# Suspension/Alignment Questions



## Blasirl (Mar 31, 2015)

I would find the patch of road that this is really evident when driven upon and have your alignment guy drive it. I also know that sometimes after driving on a "wrong " setup, the crown in the road seems more noticable, hence the cockeyed feeling at the wheel.


----------



## codefreak13 (Aug 24, 2013)

It's present no matter what the road is, just more so at higher speeds. Shouldn't be hard to duplicate for a tech, I'm just having trouble wrapping my head around the physics of how/if it could be anything other than the alignment.


----------



## Blasirl (Mar 31, 2015)

codefreak13 said:


> It's present no matter what the road is, just more so at higher speeds. Shouldn't be hard to duplicate for a tech, I'm just having trouble wrapping my head around the physics of how/if it could be anything other than the alignment.


1. They may have forgotten to tighten something
2. you may have hit something 
3. they did not correctly align it in the first place or 
4. they had no clue
5. you tell us when you go back.


----------



## snowwy66 (Nov 5, 2017)

The alignment wasn't done properly. 

They're supposed to center the steering wheel and lock it down. They're also supposed to lock the brake pedal down. THEN, adjust your toe. THIS, of course, is all done on sliding plates that rotate with the tires. 

I'd find another shop that's more professional. And will also provide you with a printout of the alignment. 

Also, if your state or any shops have a brake check machine. Get your car tested BEFORE realignment. Not only will the machine test your brakes. It will also test your alignment. Hopefully your state does safety inspections and allows shops to use the brake machine VS. pulling the wheels. 

Course. If you live in the sticks. Finding one might be a problem.

The vibration at highway speeds was probably your tires out of balance. You can't expect them to wear down completely and not go out of balance. Balance should be done when tires are rotated. Preventive maint.


----------



## Taxman (Aug 10, 2017)

I like to go to the dealer (preferably with a '$85 four wheel alignment' coupon) for this. 

I think the dealers all give you a before and after printout like this. 

Does the car pull to the left when you let go of the wheel, or does it veer left when you hold the wheel centered?

Unfortunately, the time my dad asked to borrow my steering wheel puller so that he could center his steering wheel after an alignment (the answer was NO), he'd taken it to the local Chevy dealer. But that was nearly 30 years ago, I can't imagine it happening at the dealer now.


----------



## codefreak13 (Aug 24, 2013)

Thanks everyone. They didn't have a printer hooked up but did take a pic of the readout and all numbers were in spec. 

It pulls to the left when I let go of the wheel, and also veers to the left when I hold the wheel centered. I have to keep the wheel at a 10 deg clockwise angle at highway speeds to drive straight.

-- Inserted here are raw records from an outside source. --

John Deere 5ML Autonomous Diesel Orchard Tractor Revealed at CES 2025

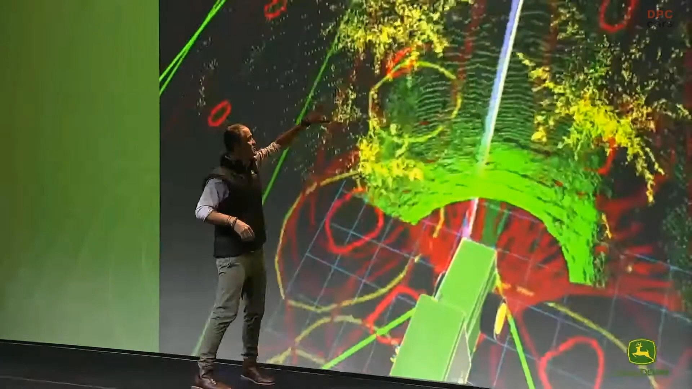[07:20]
this is what humans would see and then over here we can see the tractor has identified the trees put red bounding circles around them it can
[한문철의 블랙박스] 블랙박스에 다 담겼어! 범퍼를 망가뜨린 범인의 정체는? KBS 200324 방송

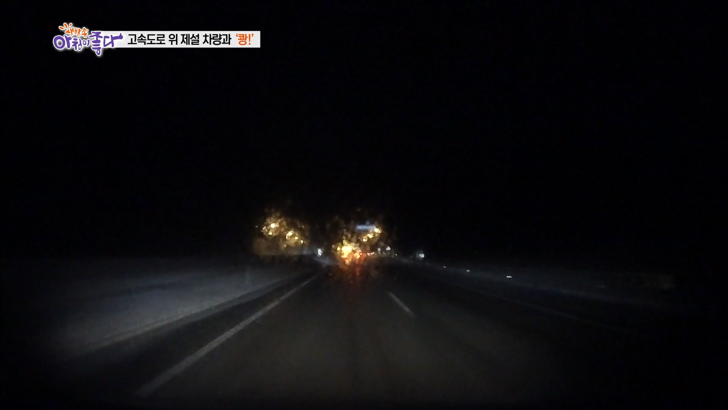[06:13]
앞차와의 안전거리 유지하면서 가고 있는데요. 네 뭔가요. 번쩍번쩍번쩍 가운데 쪽에서 번쩍번쩍 거렸는데요. 네. 토너를 입고 다 왔습니다. 어... 이게 뭐야! 충돌을 피하지 못한 제보자 차량 지나가는 찰나에 갓길에 있던 제설차가
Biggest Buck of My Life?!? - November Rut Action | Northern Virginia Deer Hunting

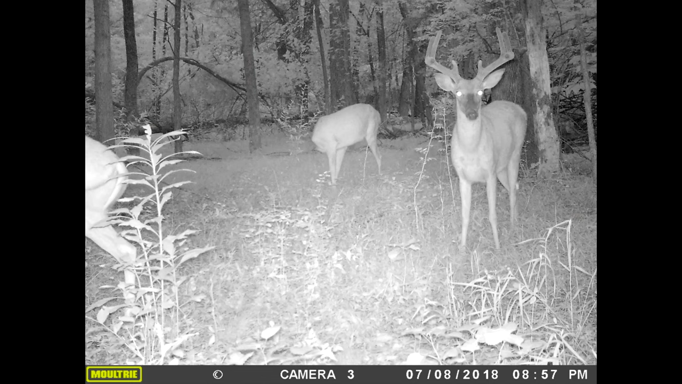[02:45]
He's a nice 9-pointer, and the second is Mr. Krabs.
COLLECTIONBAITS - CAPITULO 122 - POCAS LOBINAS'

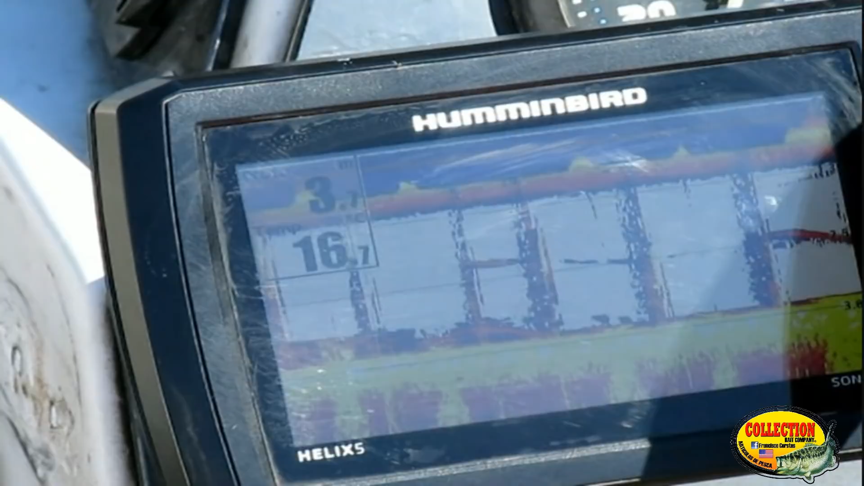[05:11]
Mire, raza, eso es para que usted vea la temperatura del agua que tenemos.
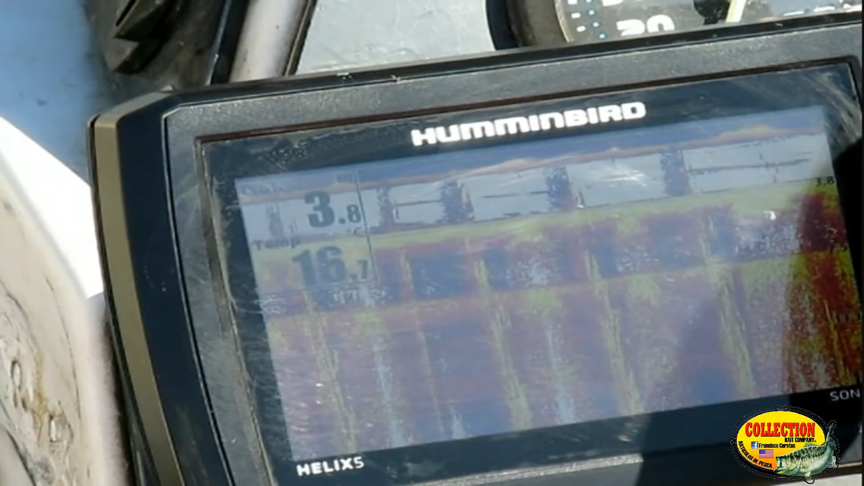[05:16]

As a few have said, just going to have them redo the alignment first as I have a 3-year warranty on it, and will report back. Best I can tell, the knucklehead might have done the alignment before the brake job and subsequently f'd something up, or their machine is off.


----------



## lonewolf04 (May 6, 2016)

Just because the specs are all in does not mean it was setup correctly and will not pull. Attach the printout and lets see what she says.


----------